The Tree of Life is Far

Experiencing awe may have all sorts of tonic effects, including a better sense of perspective on time and priorities, more patience and charity toward others, and generally more satisfaction with life. … Those who were primed to feel awe—those volunteers also saw time as much more expansive, less constricted. They felt free of time’s pressure. … Those who felt they had more available time were less impatient; they were more willing to volunteer their time to help others; and they were less materialistic. (more)

The Tree of Life is up for Best Picture and Best Director Oscars tonight. Though it has only 0.6%, 1.3% chances of winning, it is a great illustration of the ties between far mode, awe, and spirituality. I’ll need spoilers to explain – you are warned.

The movie starts with a specific emotionally devastating death, and then offers viewers an escape from that intolerable nearness with awe-inspiring sights that invoke vast space and time scales.
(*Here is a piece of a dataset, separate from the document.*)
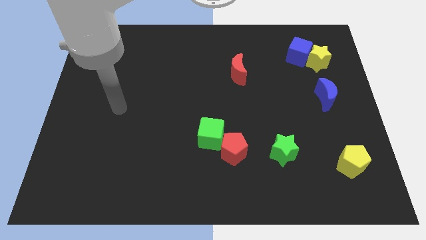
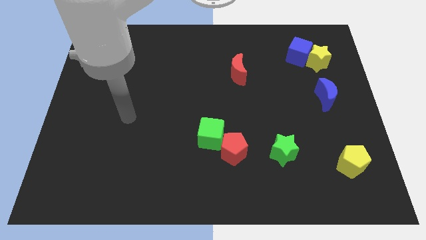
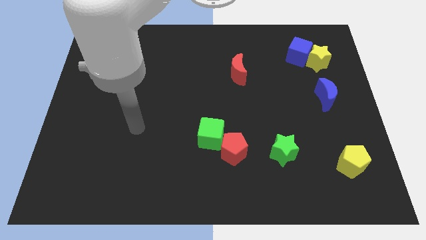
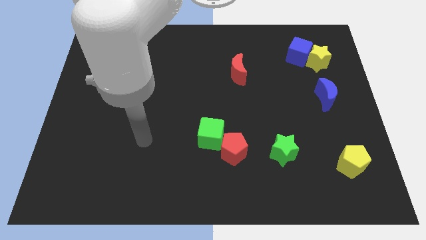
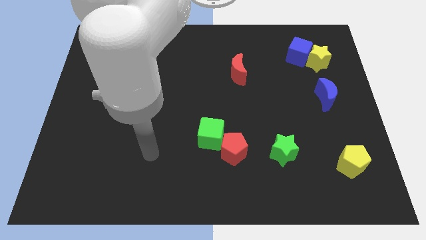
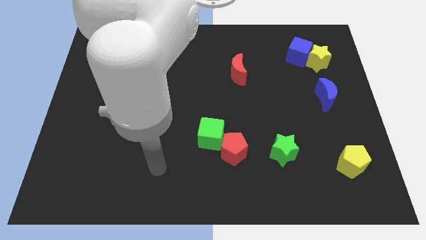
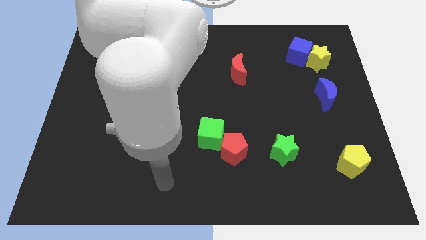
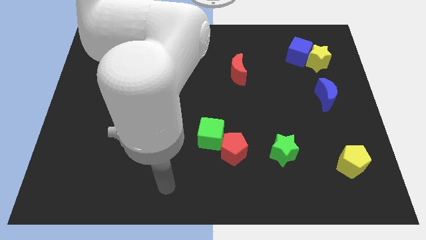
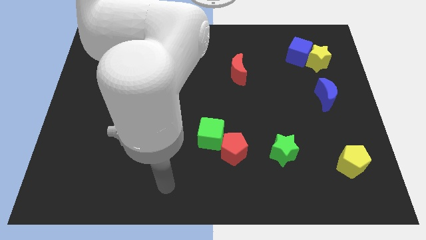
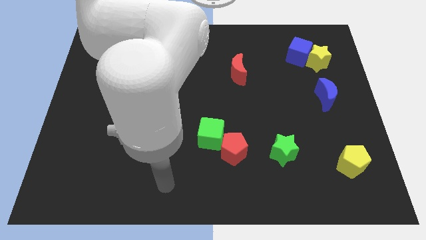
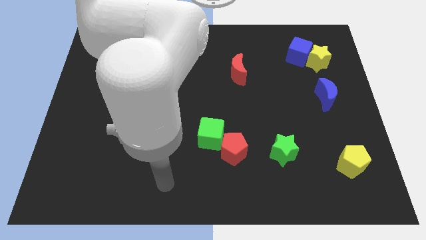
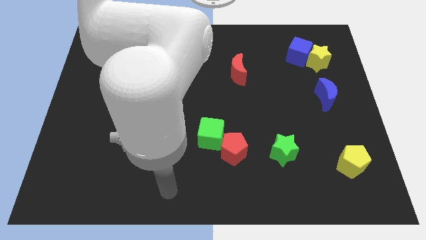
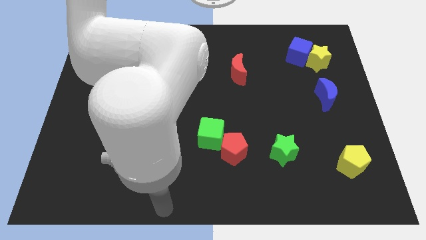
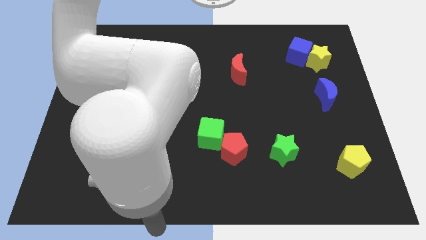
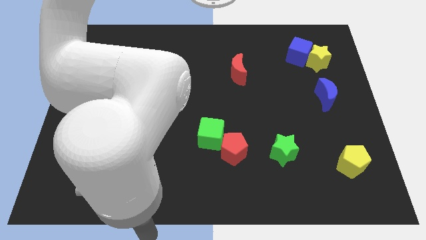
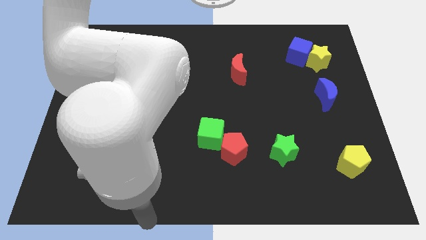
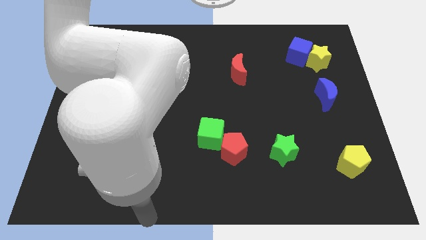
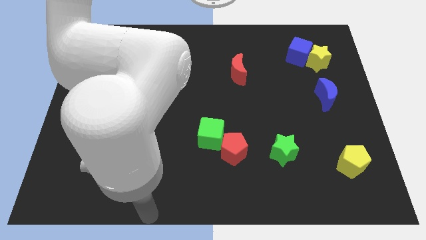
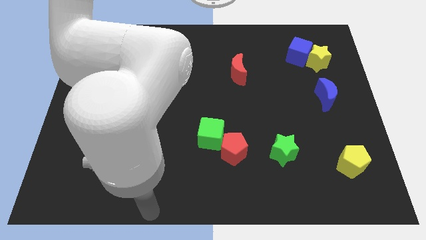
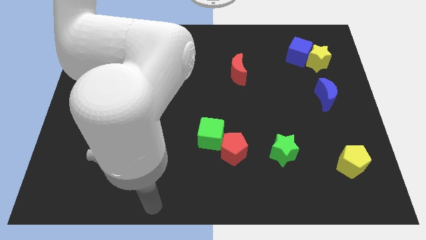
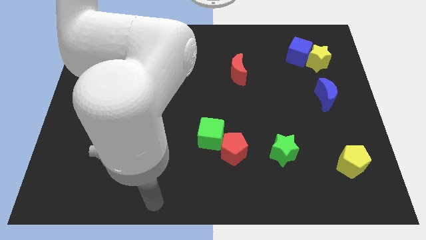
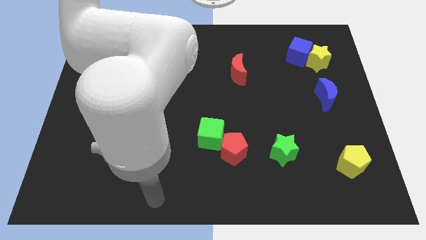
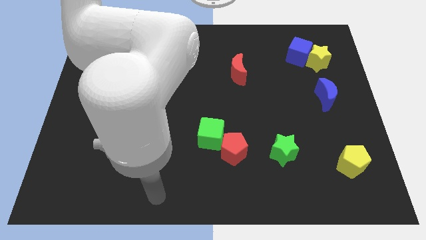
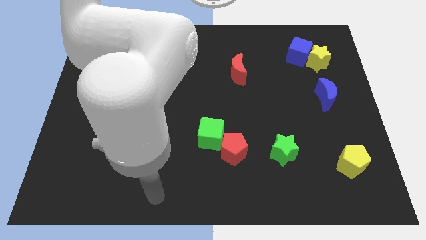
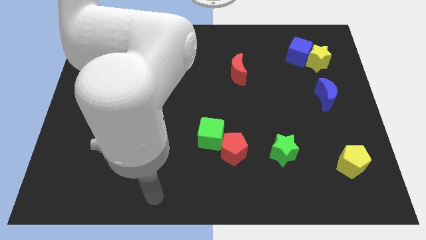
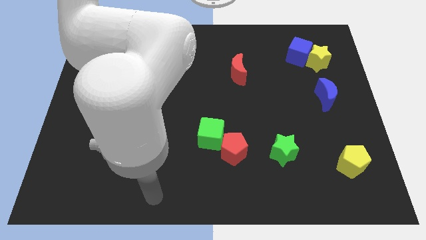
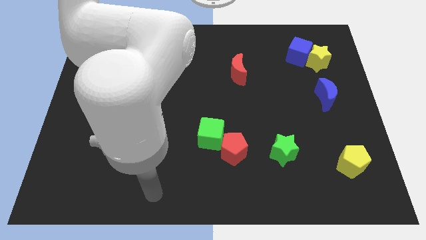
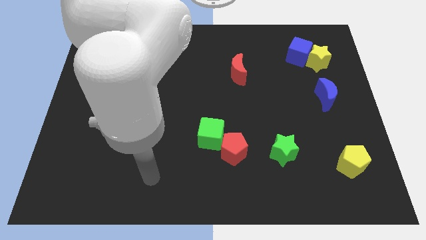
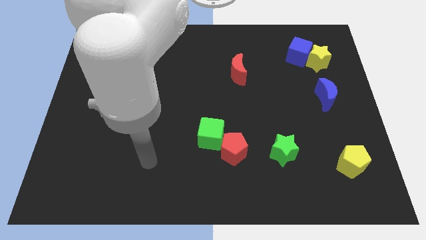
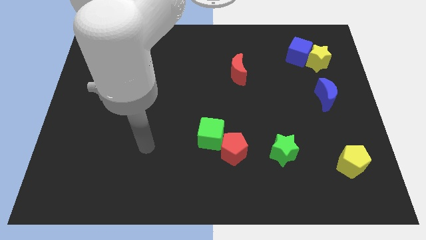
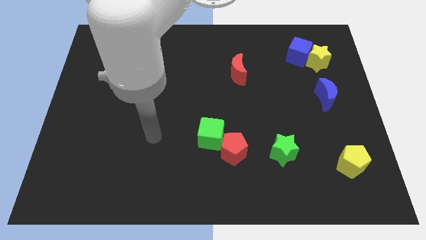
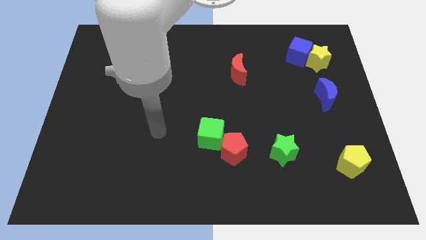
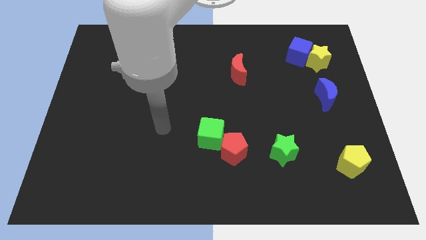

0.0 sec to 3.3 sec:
place the arm parallel to the left side of the green cube

These sights tend to contain a small number of types of objects, and only a few surfaces, each with mild texture. The sounds also tend toward low detail, evoking longer time scales.

The movie gradually shifts back to scenes that remember a childhood, but now seen with an idealizing moralizing color, trying to sum up a whole life. There’s a mostly perfect mom, and a mostly villain dad. Sometimes words are said that aren’t specific to a scene, but seem to make a general point, often speaking as if in prayer. These words tend to the metaphorical – they rarely have much precision or make much analytical sense. For example, the clearest distinction offered is between nature (bad) and grace (good), yet the very title of the movie rejects that distinction.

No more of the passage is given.